Stored data
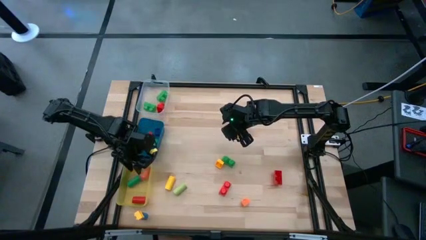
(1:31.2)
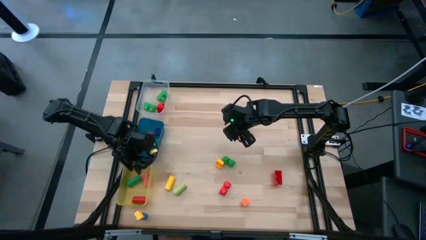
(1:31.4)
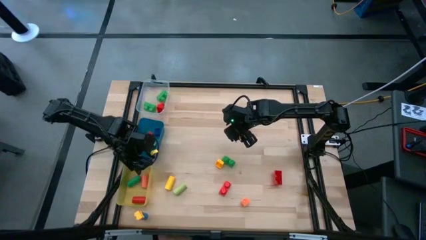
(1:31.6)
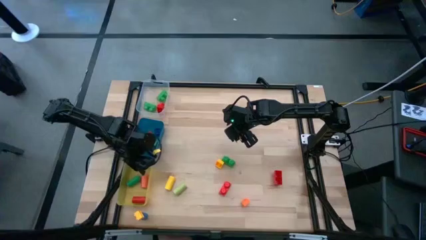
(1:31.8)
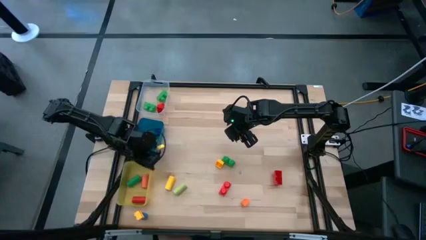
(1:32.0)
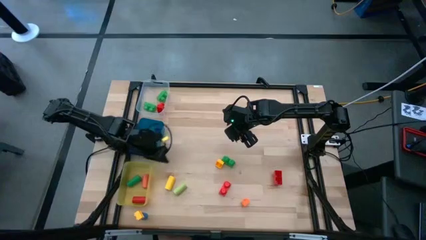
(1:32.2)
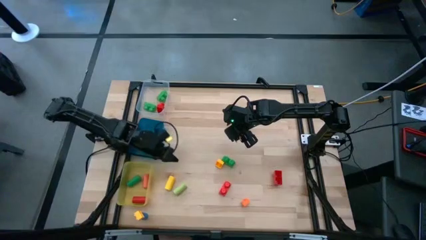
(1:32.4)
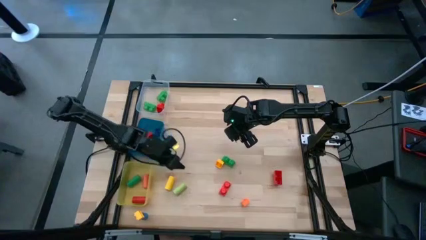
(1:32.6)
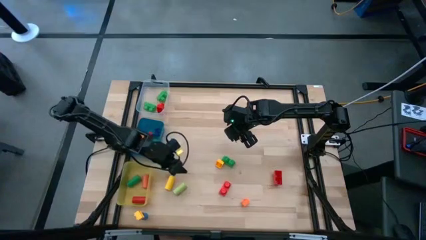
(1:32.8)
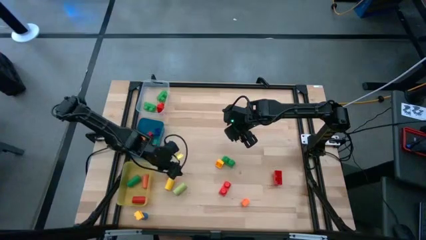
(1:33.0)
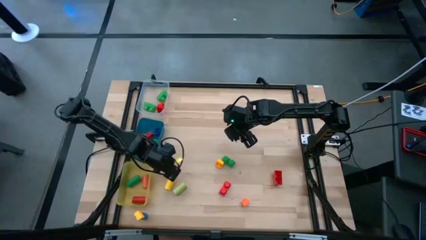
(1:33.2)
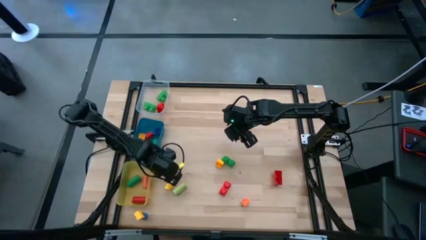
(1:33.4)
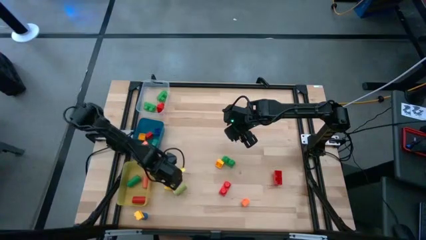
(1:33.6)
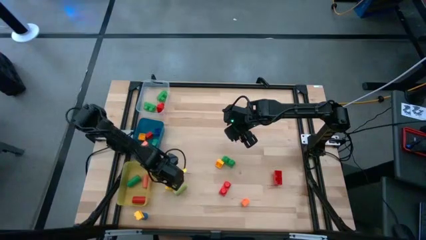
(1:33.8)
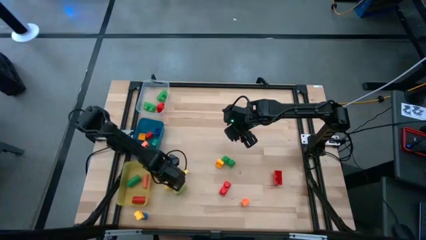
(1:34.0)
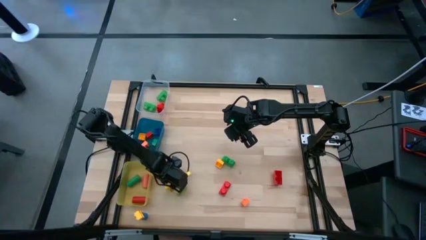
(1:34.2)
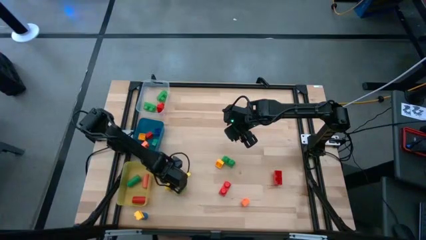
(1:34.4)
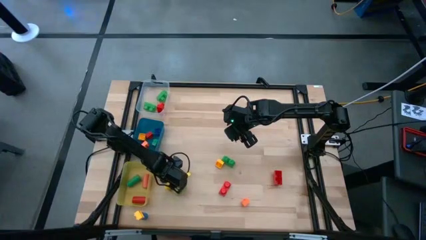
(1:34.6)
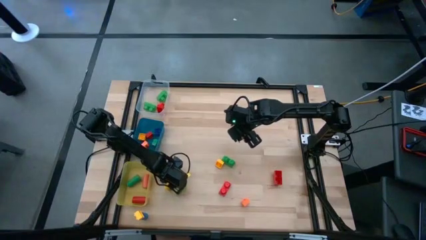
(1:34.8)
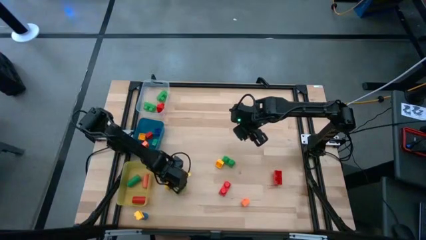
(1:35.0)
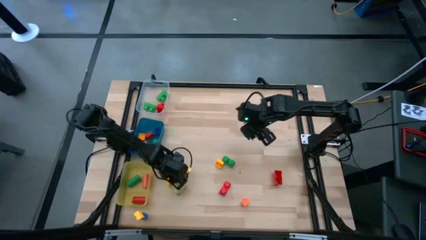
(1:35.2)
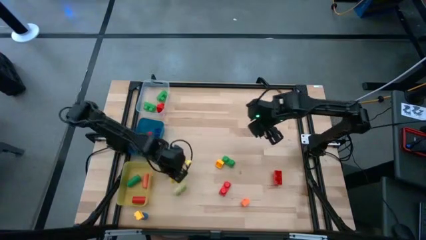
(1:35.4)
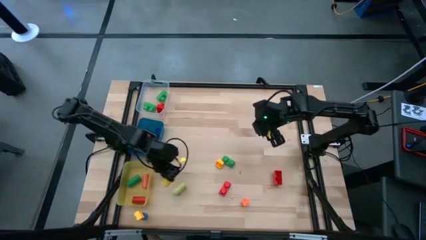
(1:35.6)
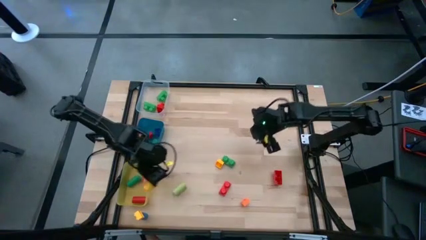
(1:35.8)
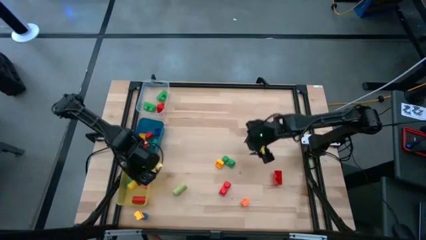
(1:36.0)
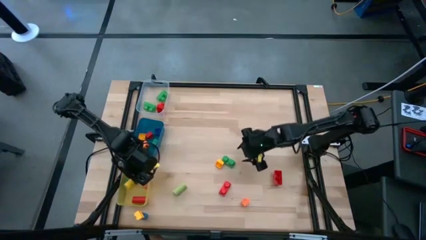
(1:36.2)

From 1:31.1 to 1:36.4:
Task: Sort blocks by size
Put the yellow cylindrical block into the yellow bin

TRY IT
Repeat every line above precisely; pictures do not belong in the copy.

SOLUTION TO THE EXERCISE
(1:31.2)
(1:31.4)
(1:31.6)
(1:31.8)
(1:32.0)
(1:32.2)
(1:32.4)
(1:32.6)
(1:32.8)
(1:33.0)
(1:33.2)
(1:33.4)
(1:33.6)
(1:33.8)
(1:34.0)
(1:34.2)
(1:34.4)
(1:34.6)
(1:34.8)
(1:35.0)
(1:35.2)
(1:35.4)
(1:35.6)
(1:35.8)
(1:36.0)
(1:36.2)

From 1:31.1 to 1:36.4:
Task: Sort blocks by size
Put the yellow cylindrical block into the yellow bin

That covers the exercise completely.